TASK PROMPT
Start at the line in the entries below that contains "AH&MA 1998 Meeting Calendar", stop at the line that contains "Reno, Nevada", and output exactly the lines in that span, both ends included.

SOURCE DATA
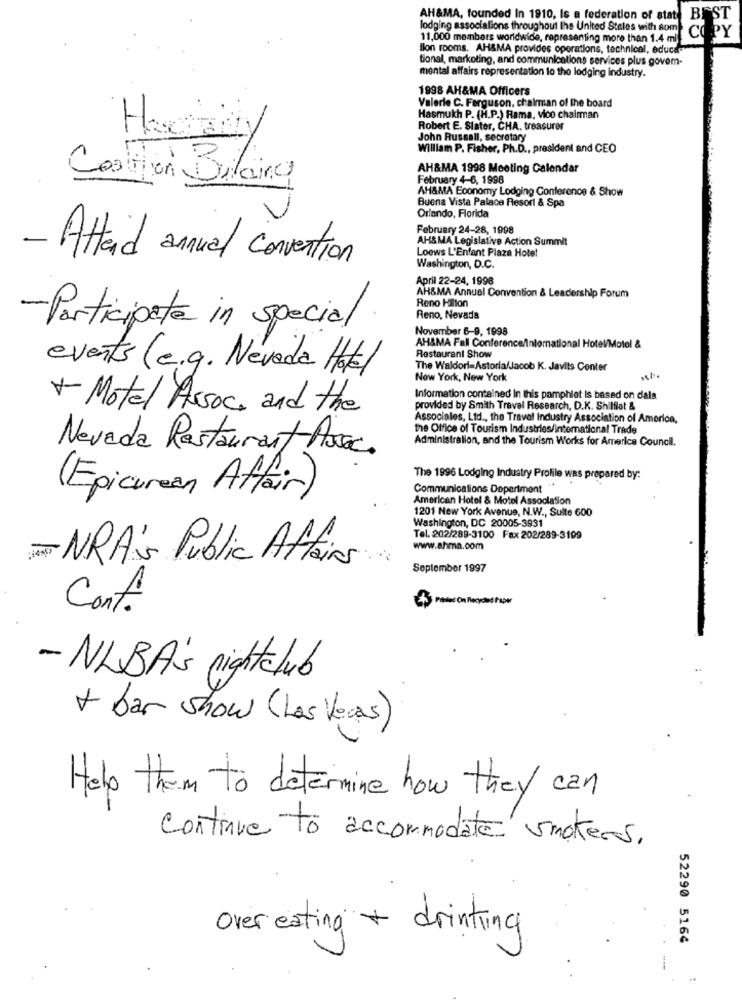
AH&MA, founded In 1910, Is a federation of state
lodging associations throughout the United Steles with som
11,000 members worldwide, representing more than 1.4 ml
PY
Ilon rooms. AH&MA provides operations, technical, educa-
tional, markoting, and communications services plus govem-
mental affairs representation to the lodging industry.
1998 AH&MA Officers
Valerie C. Ferguson, chairman of the board
1
Hasmukh P. (H.P.) Rama, vice chairman
Haciady
Robert E. Slater, CHA, treasurer
John Russell, secretary
William P. Fisher, Ph.D ., president and CEO
AH&MA 1998 Meeting Calendar
Coalition Balance
February 4-6, 1998
AH&MA Economy Lodging Conference & Show
Buena Vista Palace Resort & Spa
Orlando, Florida
February 24-28, 1998
AHS MA Legislative Action Summit
Loews L'Enfant Plaza Hotel
- Attaid annual convention
Washington, D.C.
April 22-24, 1998
AH&MA Annual Convention & Leadership Forum
Reno Hilton
Reno, Nevada
- Participate in special
November 6-9, 1998
AH&MA Fall Conferenceinternational Hotel/Motel &
Restaurant Show
events (e.g. Nevada Hot)
The Waldorf-Astoria/Jacob K. Javits Center
Now York, New York
Information contained In this pamphlet is based on dala
+ Motel Assoc, and the
provided by Smith Travel Research, D.K. Shilflat &
Associales, Ltd ., the Travel Industry Association of America,
the Office of Tourism Industries/international Trade
Administration, and the Tourism Works for America Council.
Nevada Restaurant Arac.
The 1996 Lodging Industry Profile was prepared by:
(Epicurean Affair)
Communications Depertment "
American Hotel & Motel Association
1201 New York Avenue, N.W ., Sulle 600
Washington, DC 20005-3931
Tel. 202/289-3100 Fax 202/289-3109
www.ahma.com
- NRA's Public Affairs
September 1997
Conf.
Peter Con Recorded Paper
- NLBA's nightclub
+ bar show (Las Vegas)
Help them to determine how they can
continue to accommodate smokers.
Over eating + drinking
52290 5164
..
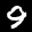
Label: 9
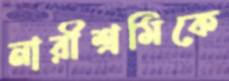
নারীশ্রমিকে
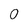
Character: 0
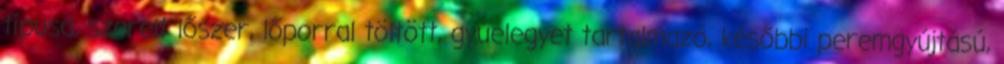
típusa, szerelt lőszer, lőporral töltött, gyúelegyet tartalmazó, későbbi peremgyújtású,
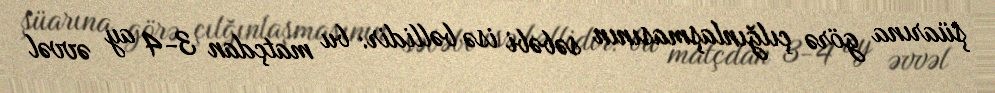
şüarına görə çılğınlaşmasının səbəbi isə bəllidir: bu matçdan 3-4 ay əvvəl
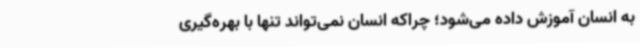
به انسان آموزش داده می‌شود؛ چراکه انسان نمی‌تواند تنها با بهره‌گیری
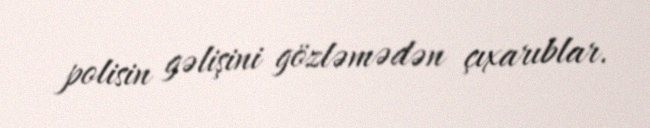
polisin gəlişini gözləmədən çıxarıblar.
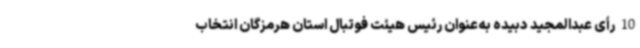
10رأی عبدالمجید دبیده به‌عنوان رئیس هیئت فوتبال استان هرمزگان انتخاب
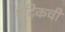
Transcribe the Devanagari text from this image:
मॅटिकची
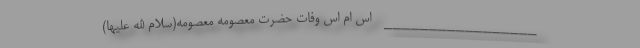
_________________ اس ام اس وفات حضرت معصومه معصومه(سلام الله علیها)
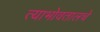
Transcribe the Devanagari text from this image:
त्याभोवतालचे

ANSWER TO THE PROBLEM
AH&MA 1998 Meeting Calendar
Coalition Balance
February 4-6, 1998
AH&MA Economy Lodging Conference & Show
Buena Vista Palace Resort & Spa
Orlando, Florida
February 24-28, 1998
AHS MA Legislative Action Summit
Loews L'Enfant Plaza Hotel
- Attaid annual convention
Washington, D.C.
April 22-24, 1998
AH&MA Annual Convention & Leadership Forum
Reno Hilton
Reno, Nevada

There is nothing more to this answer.